The scene of Kane inspecting the egg was shot in postproduction. A fiberglass egg was used so that actor John Hurt could shine his light on it and see movement inside, which was provided by Scott fluttering his hands inside the egg while wearing rubber gloves. The top of the egg was hydraulic, and the innards were a cow's stomach and tripe. Test shots of the eggs were filmed using hen's eggs, and this footage was used in early teaser trailers. For this reason, the image of a hen's egg was used on the poster and has become emblematic of the franchise as a whole—as opposed to the alien egg that appears in the finished film.

The "facehugger" and its proboscis, which was made of a sheep's intestine, were shot out of the egg using high-pressure air hoses. The shot was reversed and slowed down in editing to prolong the effect and reveal more detail. The facehugger itself was the first creature that H.R. Giger designed for the film, going through several versions in different sizes before deciding on a small creature with human-like fingers and a long tail. Dan O'Bannon, with help from Ron Cobb, drew his own version based on Giger's design, which became the final version. Cobb came up with the idea that the creature could have a powerful acid for blood, a characteristic that would carry over to the adult Alien and would make it impossible for the crew to kill it by conventional means, such as guns or explosives, since the acid would burn through the ship's hull. For the scene in which the dead facehugger is examined, Scott used pieces of fish and shellfish to create its viscera.

The design of the "chestburster" was inspired by Francis Bacon's 1944 painting Three Studies for Figures at the Base of a Crucifixion. Giger's original design, which was refined, resembled a plucked chicken. Screenwriter Dan O'Bannon credits his experiences with Crohn's disease for inspiring the chest-bursting scene.

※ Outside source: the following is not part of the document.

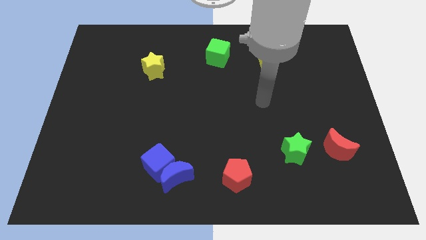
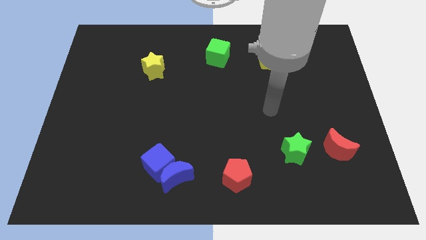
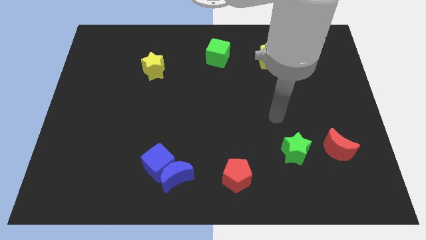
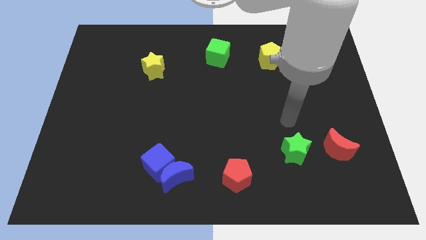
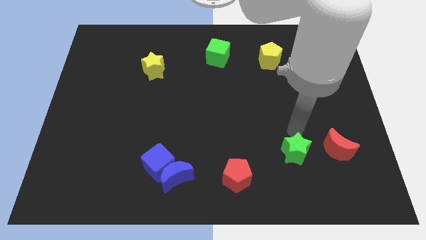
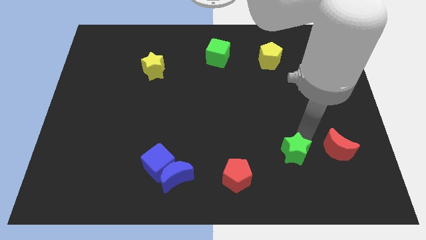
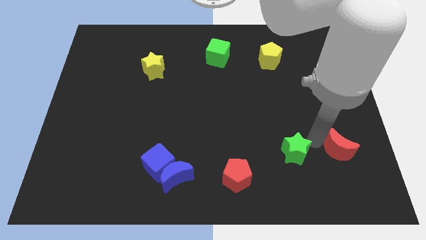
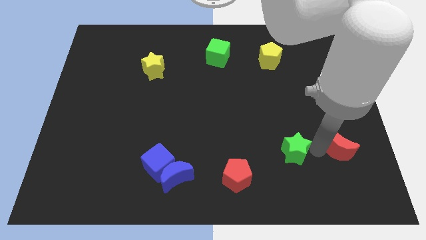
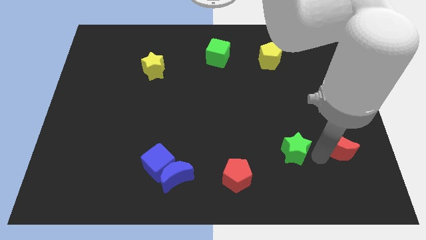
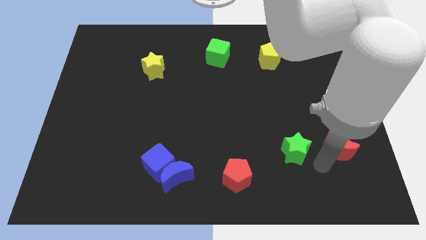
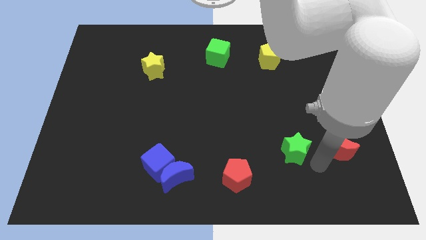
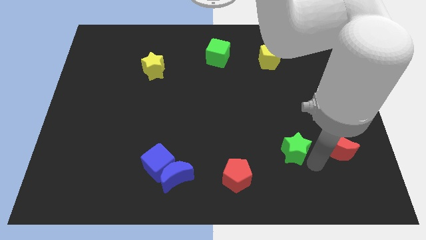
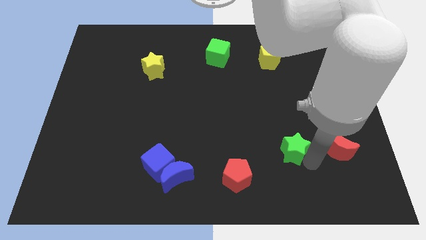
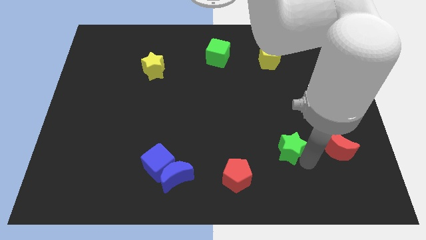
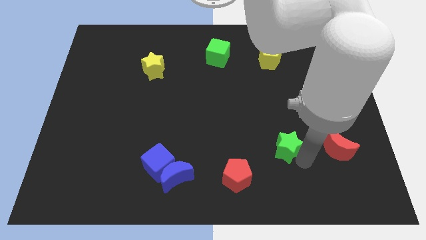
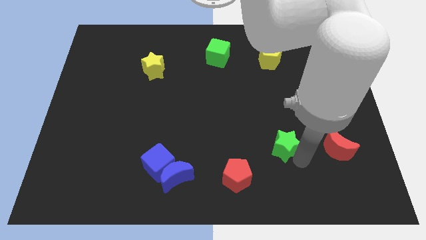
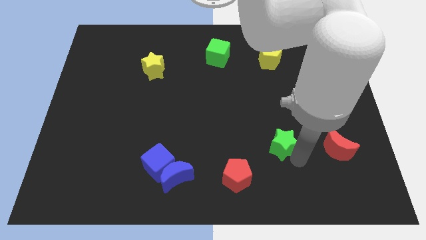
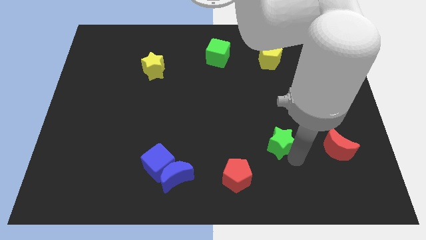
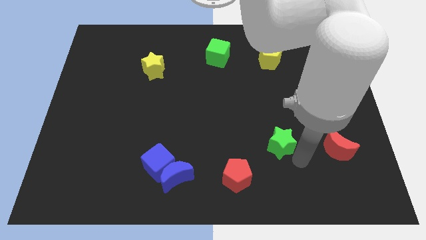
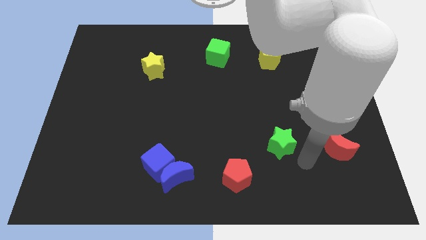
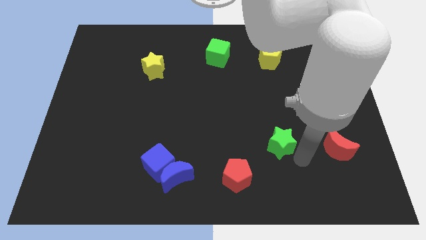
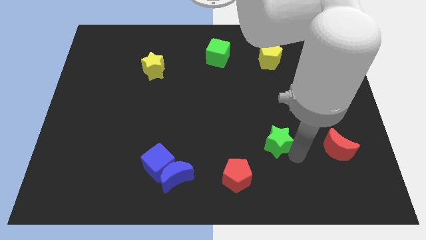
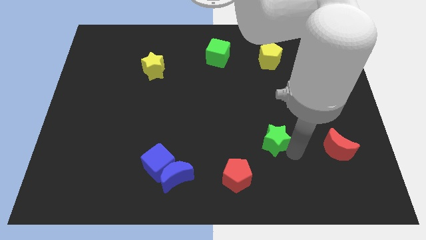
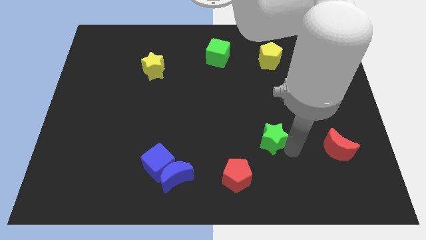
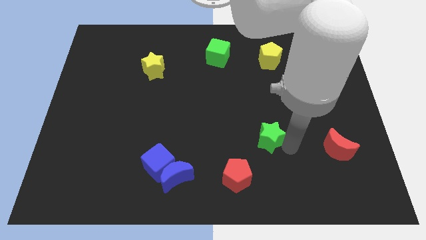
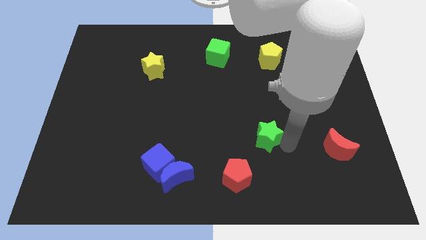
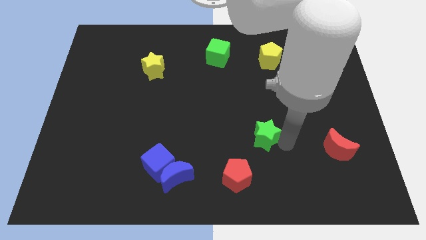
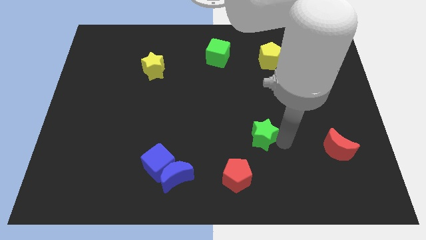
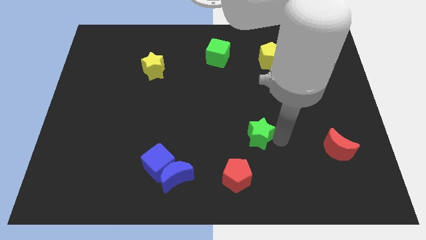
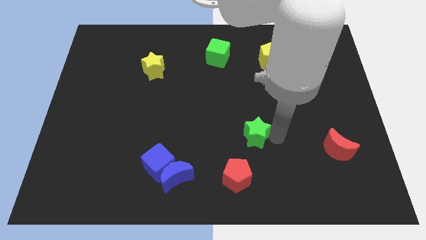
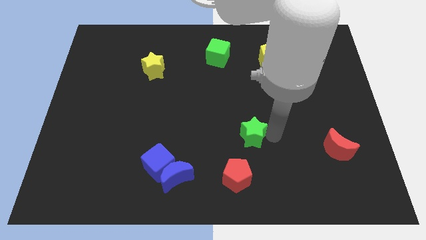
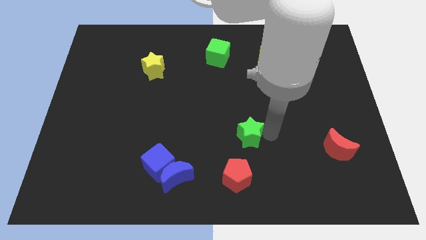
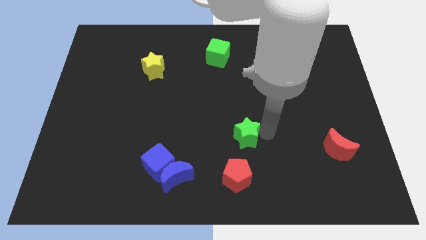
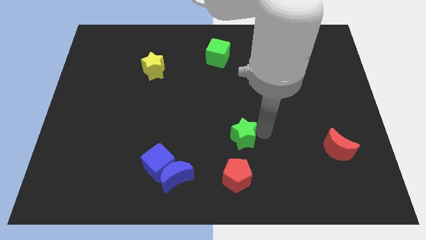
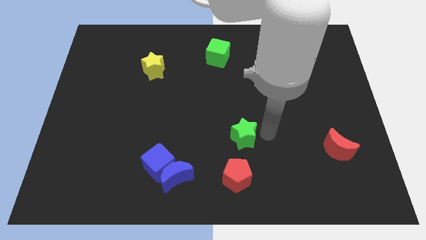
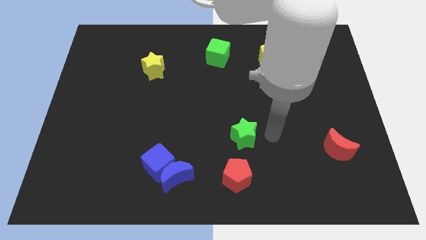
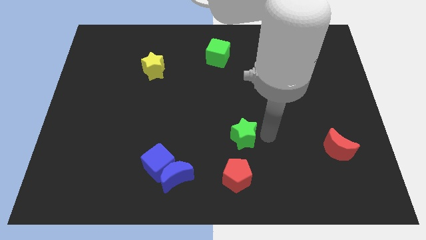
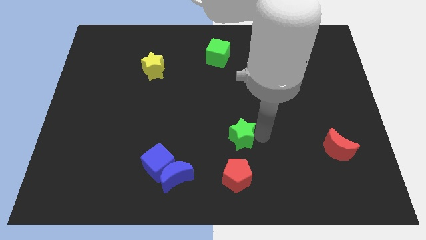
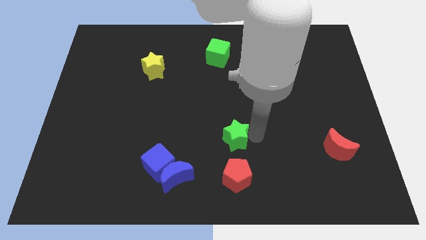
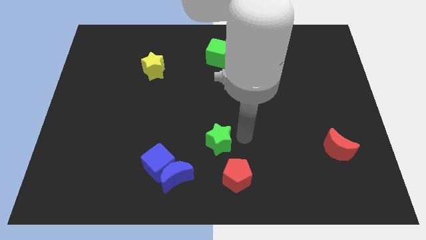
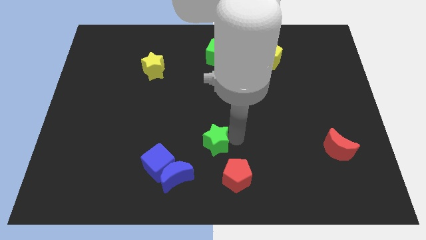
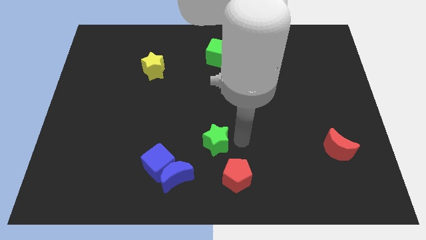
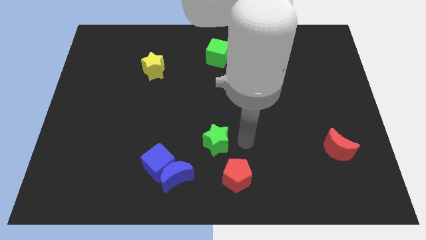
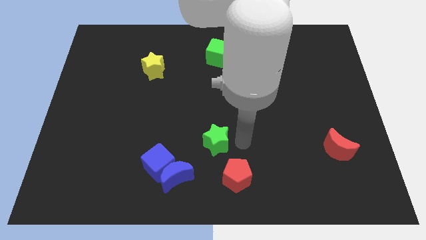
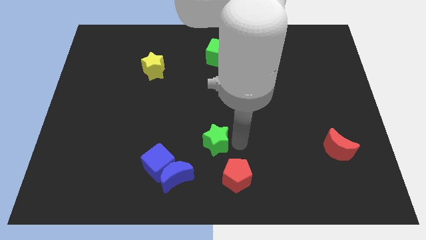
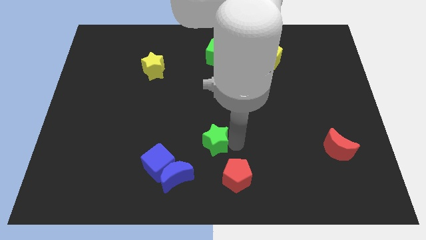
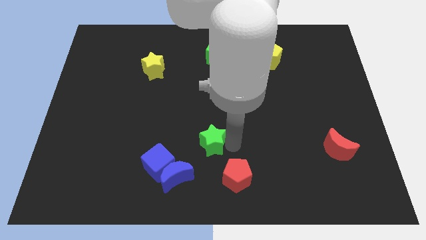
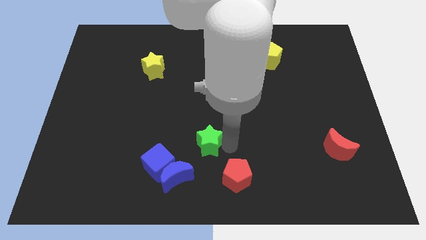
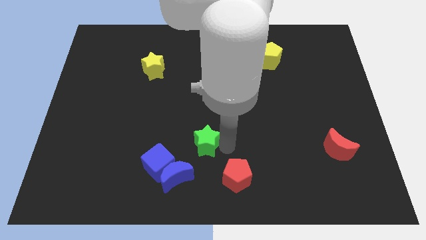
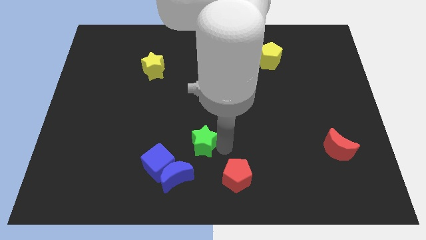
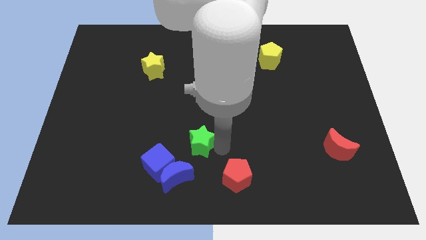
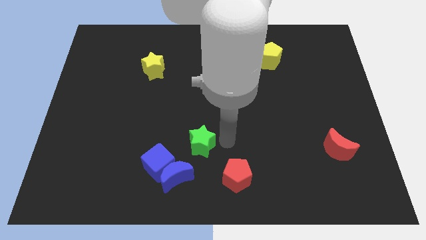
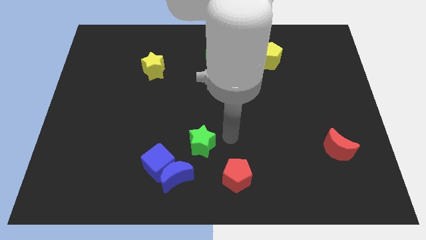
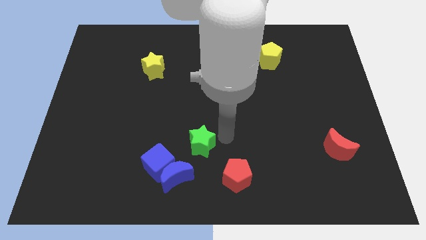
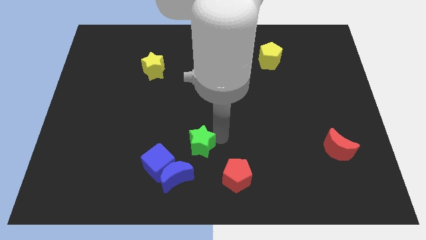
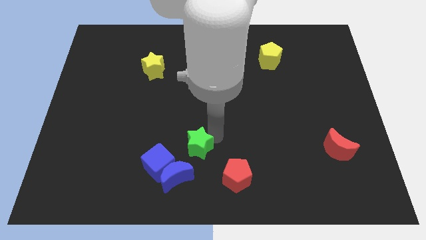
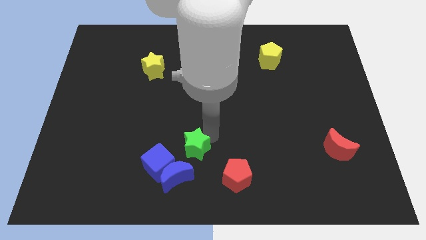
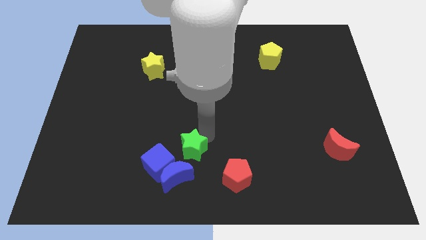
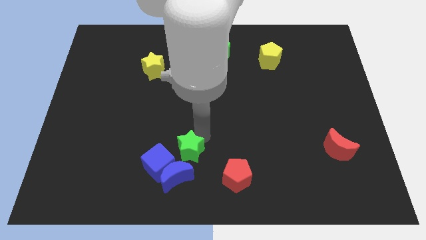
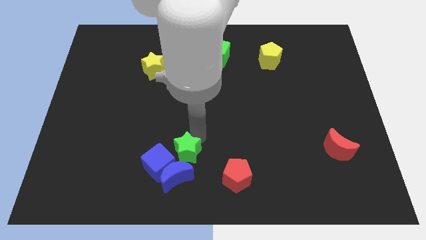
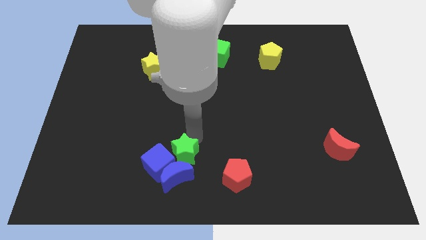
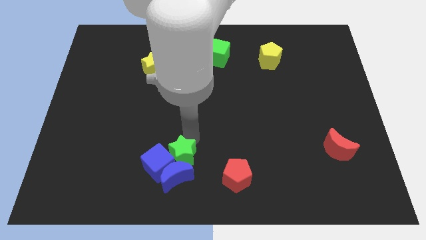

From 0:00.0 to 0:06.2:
put the green star to the top left side of the blue moon

For the filming of the chestburster scene, the cast members knew that the creature would be bursting out of Hurt, and had seen the chestburster puppet, but they had not been told that fake blood would also be bursting out in every direction from high-pressure pumps and squibs. The scene was shot in one take using an artificial torso filled with blood and viscera, with Hurt's head and arms coming up from underneath the table. The chestburster was shoved up through the torso by a puppeteer who held it on a stick. When the creature burst through the chest, a stream of blood shot directly at Cartwright, shocking her enough that she fell over and went into hysterics. According to Tom Skerritt, "What you saw on camera was the real response. She had no idea what the hell happened. All of a sudden this thing just came up." The creature then runs off-camera, an effect accomplished by cutting a slit in the table for the puppeteer's stick to go through and passing an air hose through the puppet's tail to make it whip about.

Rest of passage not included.